Notes on Love

   Love is the only passion of the soul that takes it over completely, because it is like an illness of the soul, whereas ambition, sensuality, vanity are as diversions to it.
   An amorous libertine who, for the sake of a working woman, gives up whores, their lace and their rouge, vicious women of every type who parade their disgust for the professionals in vice, do not betray any the less by that than by the lyrical, metaphysical, idealized language in which they express their most physical desires, the divine origin of love.
   Love does not only claim to find love, it claims to seek it. The name "whores" and the attributes of that profession, the name of a vice or a need proclaim not only: "You will not find love", but "What you are seeking is not love, what he is seeking in you is not love, it is this little vice, this physical need of this one night." Love is shocked, because it is the infinity of her soul that it believes it is giving, beyond the body, her infirmities, for the moment, for the duration.
   Love has, contrary to ambition, contrary to sloth, contrary to vice, in order to wrench us from them and in order to restore us to matters of the mind, a power that knows nothing of the mind. It is the power of Pleasure and Pain.
   The feverish exigency of the libertine who desires virginity is an indirect and lowly, but significant and present form of the eternal homage that love pays to innocence.
   When we were children, there were dolls that we had long coveted, others that we had loved one time, others seen for the first time on New Year's morning, at a very early hour, beneath the lighted lamp, on the table piled with toys still wrapped and tied, that, at that strange moment, struck love into our hearts like a thunderbolt and enchanted us with their fixed and loving smile for years to come. At the age when we no longer have toys, when we no longer light the lamp above the empty table on New Year's morning, we have tried to find, to play with us, keep us company, wring our heart with their tears, those living and breathing toys whose eyes are more fickle, whose hair is more silken, whose body is more resistant and soft that we call women. But, alas, we can no longer embrace them whenever we want, or prevent people we do not like from having them. They do not always want to play with us or see us cry. We cannot break them if we so wish. Out of that comes suffering. Perhaps also love.
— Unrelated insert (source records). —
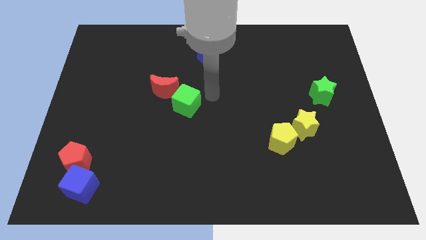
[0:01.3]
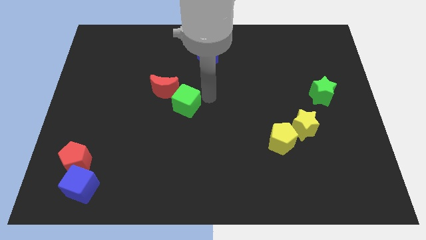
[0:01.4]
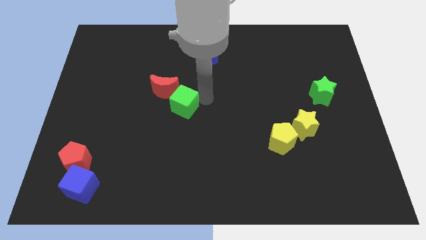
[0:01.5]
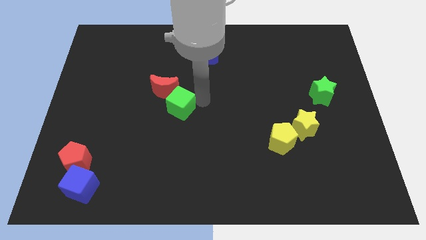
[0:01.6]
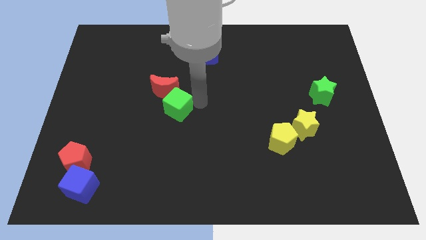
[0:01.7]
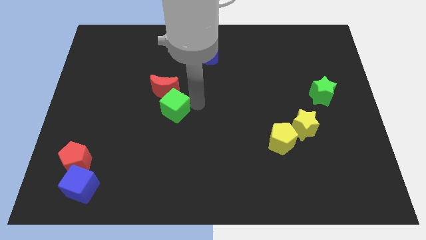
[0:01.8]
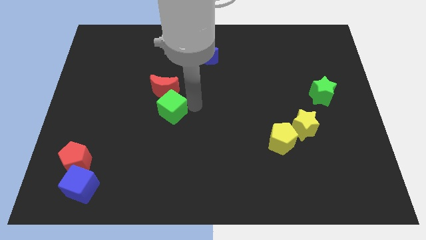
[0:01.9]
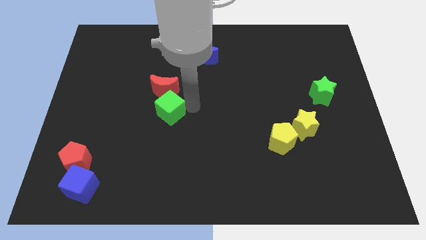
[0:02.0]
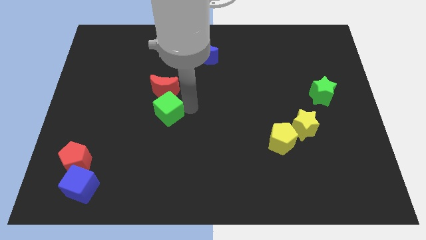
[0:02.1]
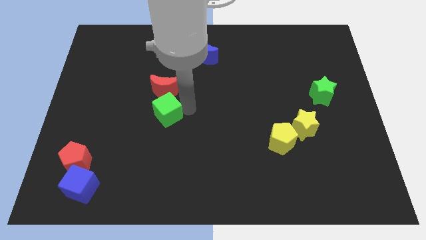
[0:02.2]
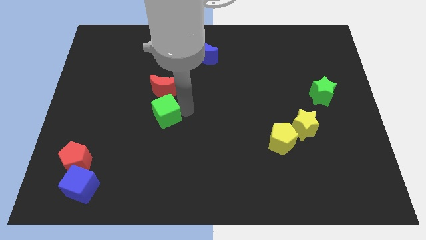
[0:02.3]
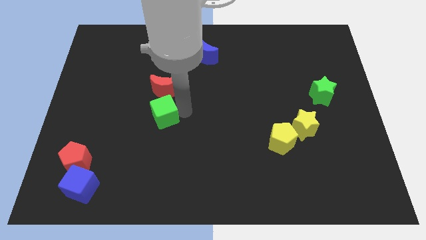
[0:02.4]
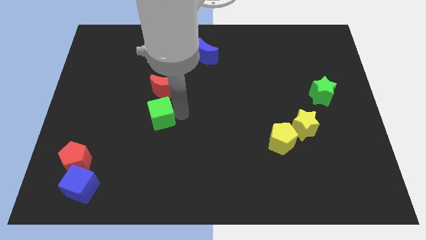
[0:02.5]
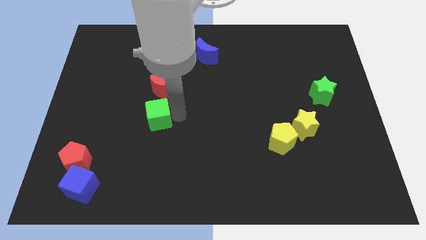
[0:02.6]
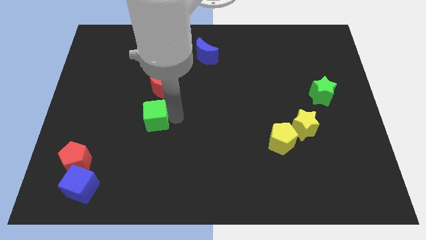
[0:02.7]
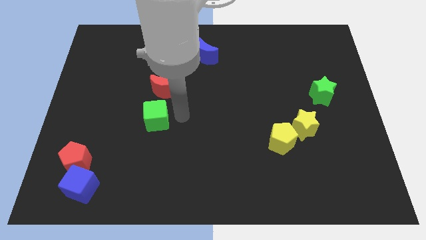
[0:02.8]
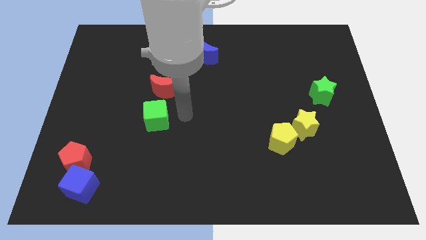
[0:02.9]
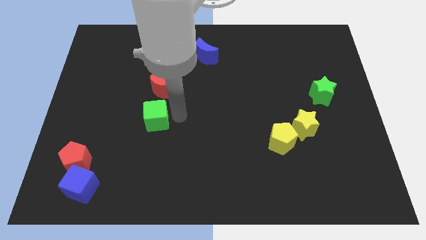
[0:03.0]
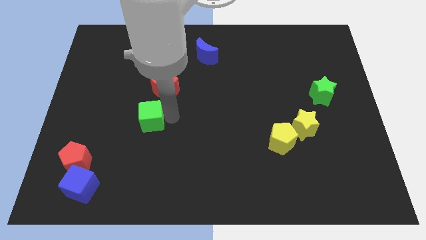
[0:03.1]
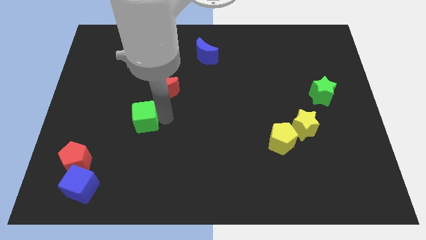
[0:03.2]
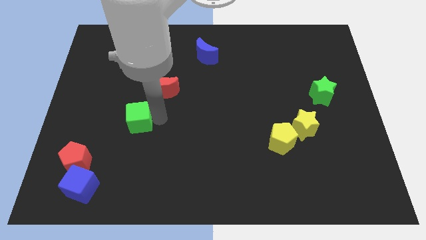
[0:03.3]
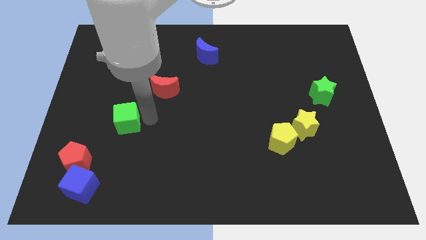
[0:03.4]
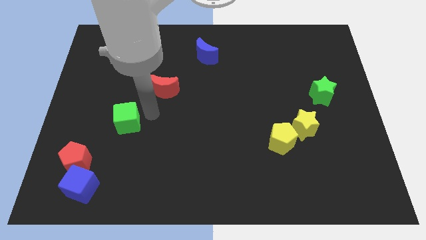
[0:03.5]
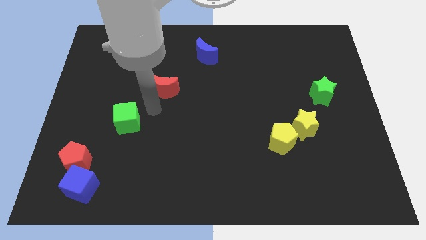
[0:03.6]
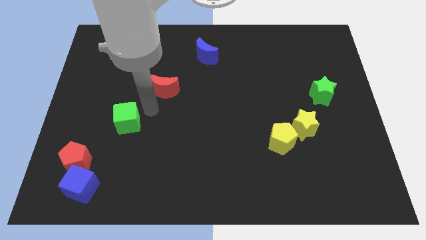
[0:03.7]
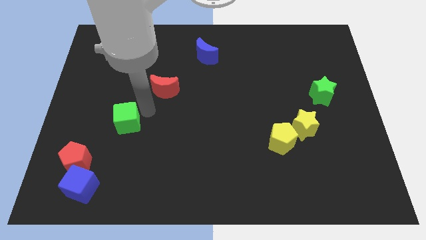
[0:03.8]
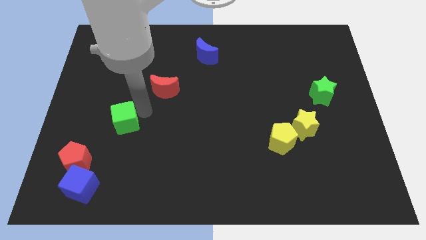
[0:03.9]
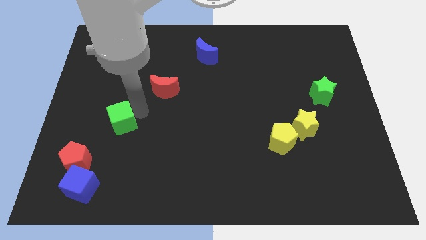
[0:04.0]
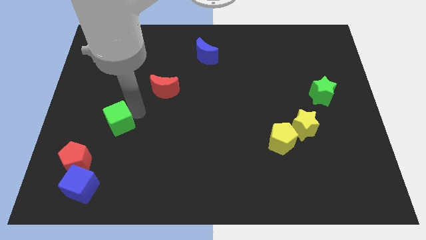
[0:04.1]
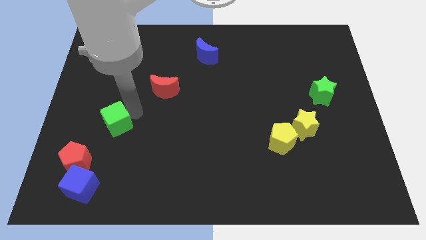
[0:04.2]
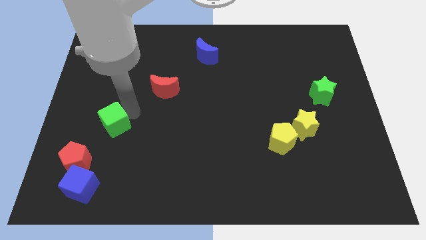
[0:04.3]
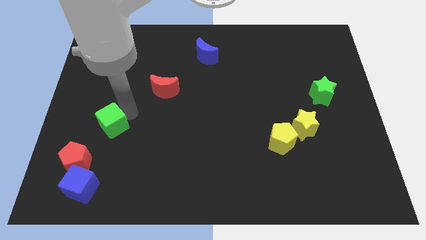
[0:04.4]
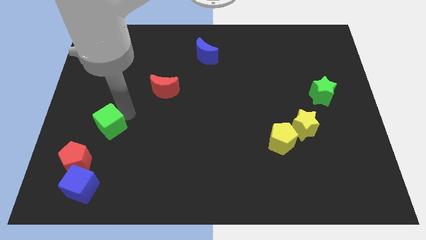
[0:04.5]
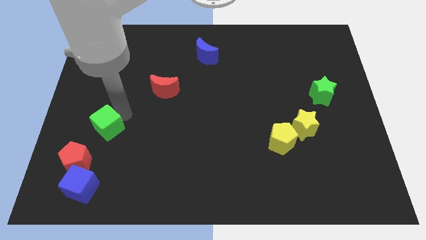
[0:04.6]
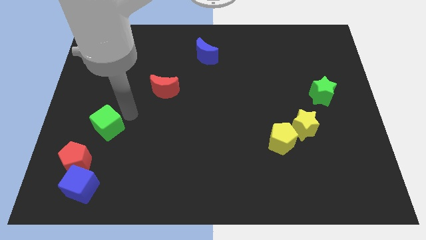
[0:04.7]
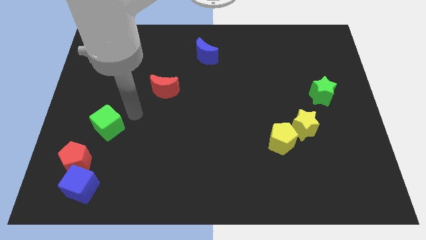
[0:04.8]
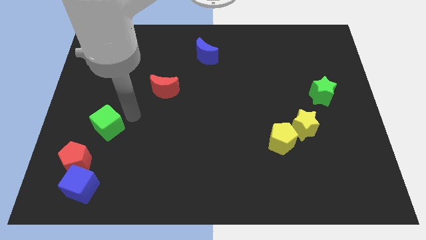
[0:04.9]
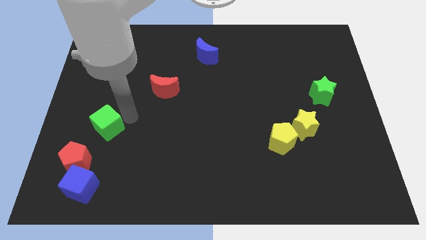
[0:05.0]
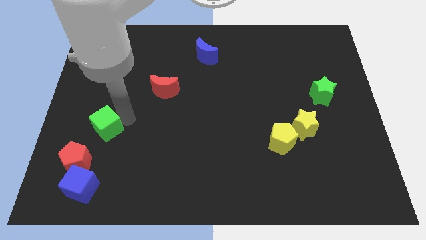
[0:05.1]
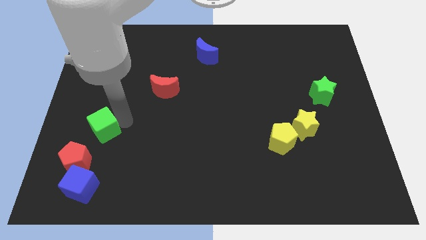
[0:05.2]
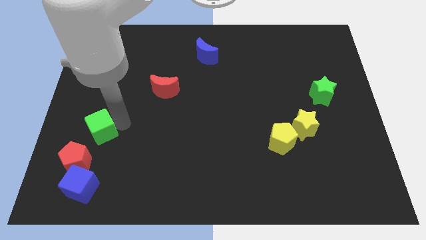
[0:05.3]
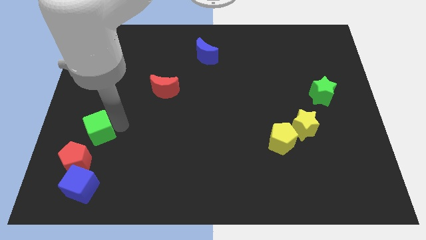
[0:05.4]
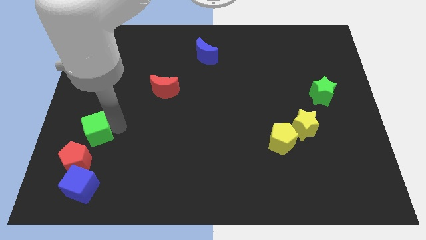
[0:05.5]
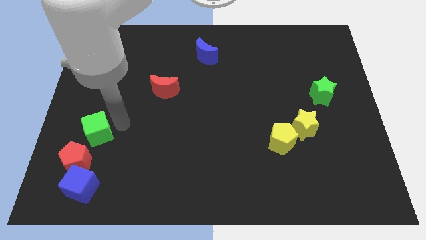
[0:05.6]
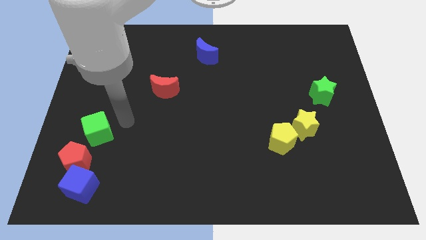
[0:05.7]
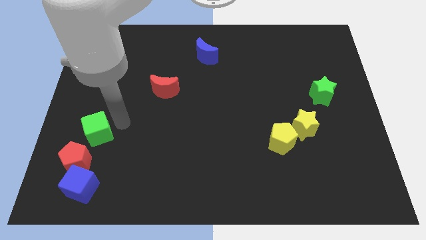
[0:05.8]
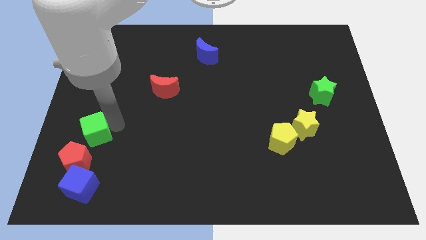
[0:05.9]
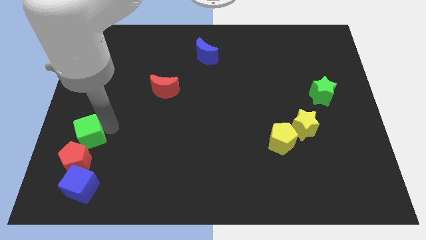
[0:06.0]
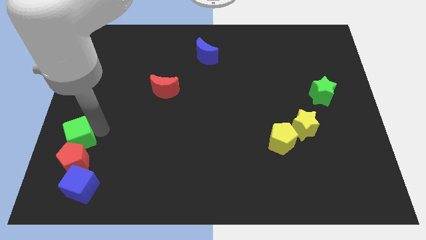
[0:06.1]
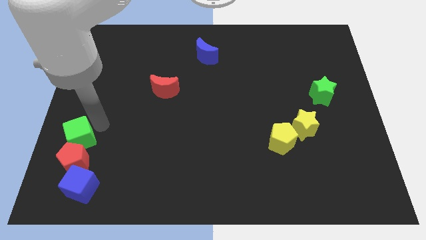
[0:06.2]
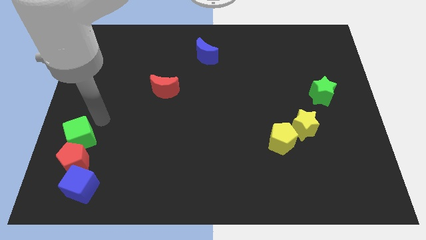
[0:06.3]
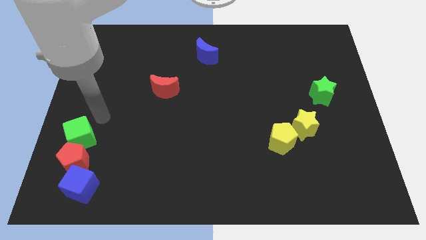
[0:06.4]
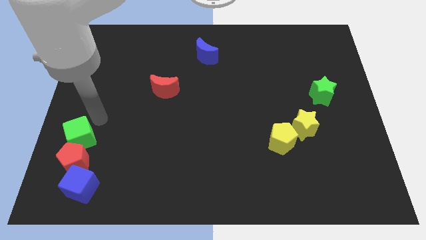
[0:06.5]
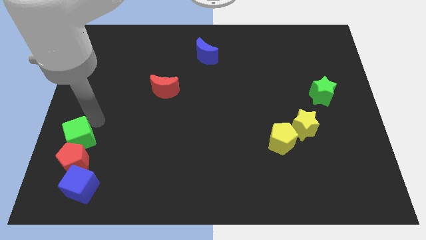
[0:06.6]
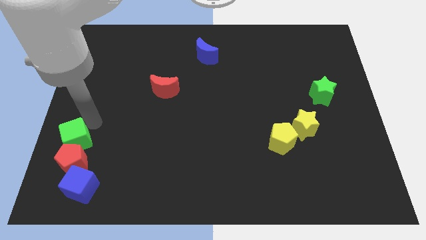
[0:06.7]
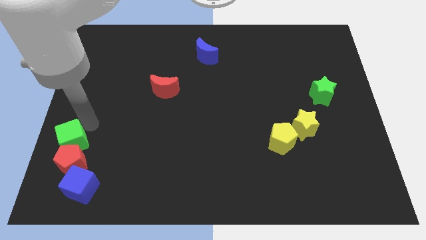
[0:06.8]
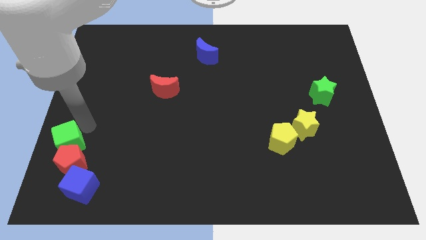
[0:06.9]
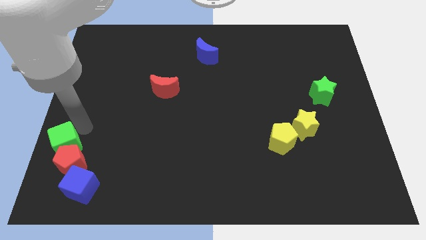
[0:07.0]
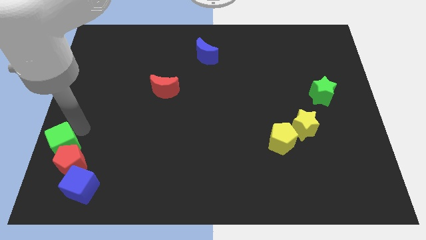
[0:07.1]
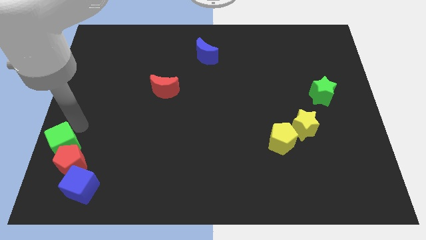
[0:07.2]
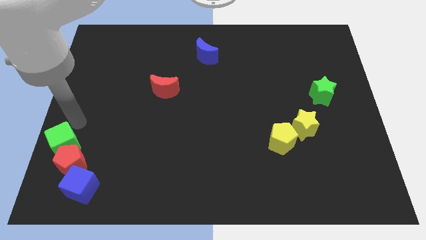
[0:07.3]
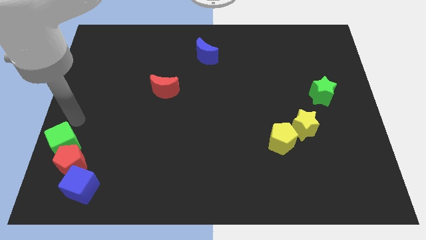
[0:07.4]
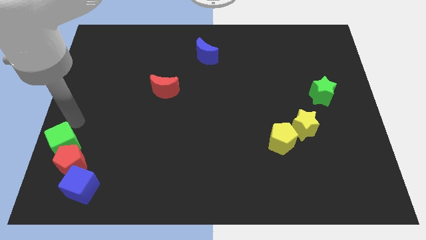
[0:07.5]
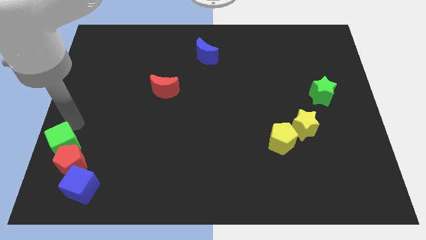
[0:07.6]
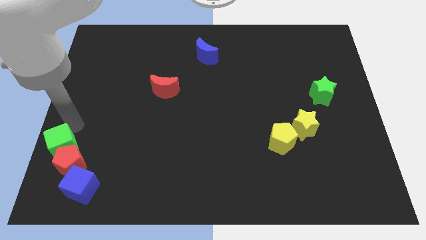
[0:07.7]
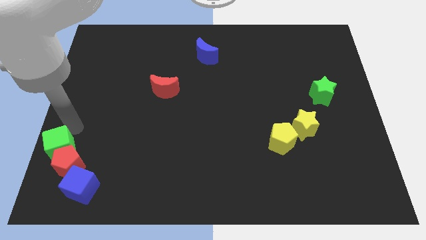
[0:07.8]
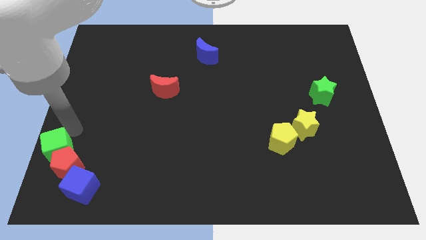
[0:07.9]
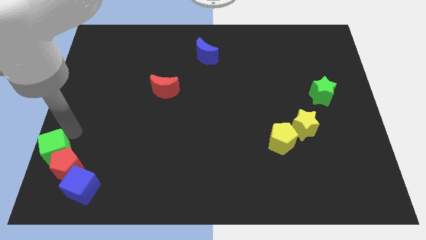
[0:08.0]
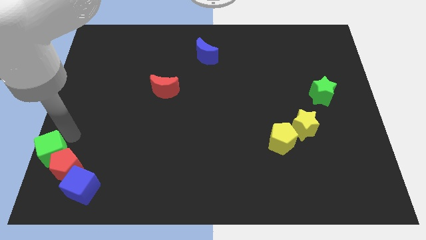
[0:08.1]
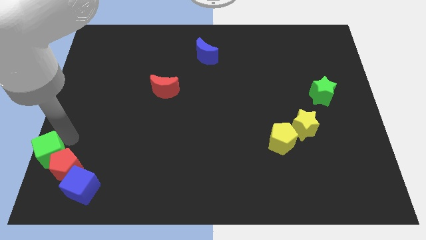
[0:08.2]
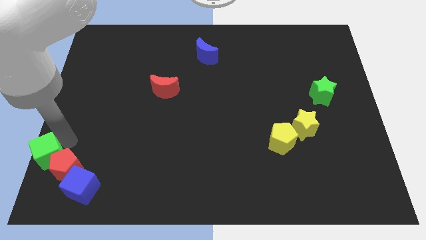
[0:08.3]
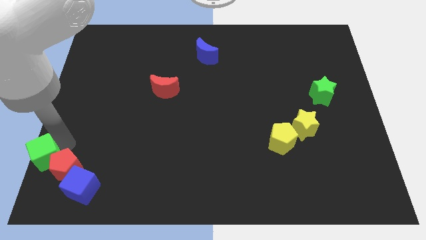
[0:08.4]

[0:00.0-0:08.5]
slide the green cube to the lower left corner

   Love awakes in the most simple man the desire to appear so much more ardent, more unbridled and more melancholy, than the desire to appear to a single person and no one else as being ostentatious, he can not as she can, find in success with others the consolation for a rejection with one person. The philosopher who is most removed from worldly success loves a snobbish woman; he reminds himself that he has money, a position, cultivates them, lets them be seen and employs a locksmith to open the jewellery drawer whose clasp did not open through being closed so long. And those that he thinks he can get her to accept he gives her, and the others he shows her. He puts off invitations. The most modest become foppish, the least elegant become swells, the dirtiest become clean, the most intelligent, if he is in love with a stupid woman, plays the wit.


   As long as love endures the soul is in convalescence from the blow that has struck it, remains lifeless within, is no longer propagated abroad, and has no wish to do anything about it. There are so many flowers, books, sweet and rare perfumes around her chaise longue, stretched out before the window in which blazes the mysterious intensity of the sky, the sky so close and yet so distant, so close that it touches her hand with its reflections, so distant that it can never come near her. She remains throughout the long hours with no wish to leave the house and engage in the pleasures of ambition, vanity and sensuality. Moreover love is propitious to the arts of the soul as opposed to ambition, sensuality and vanity of which it has cured her.
   Children with their dolls and men with their women behave in precisely the same way. Is it because men, when they are in love with women still think of themselves as children playing with their dolls, or rather because children playing with their dolls already feel themselves to be men who will one day love women?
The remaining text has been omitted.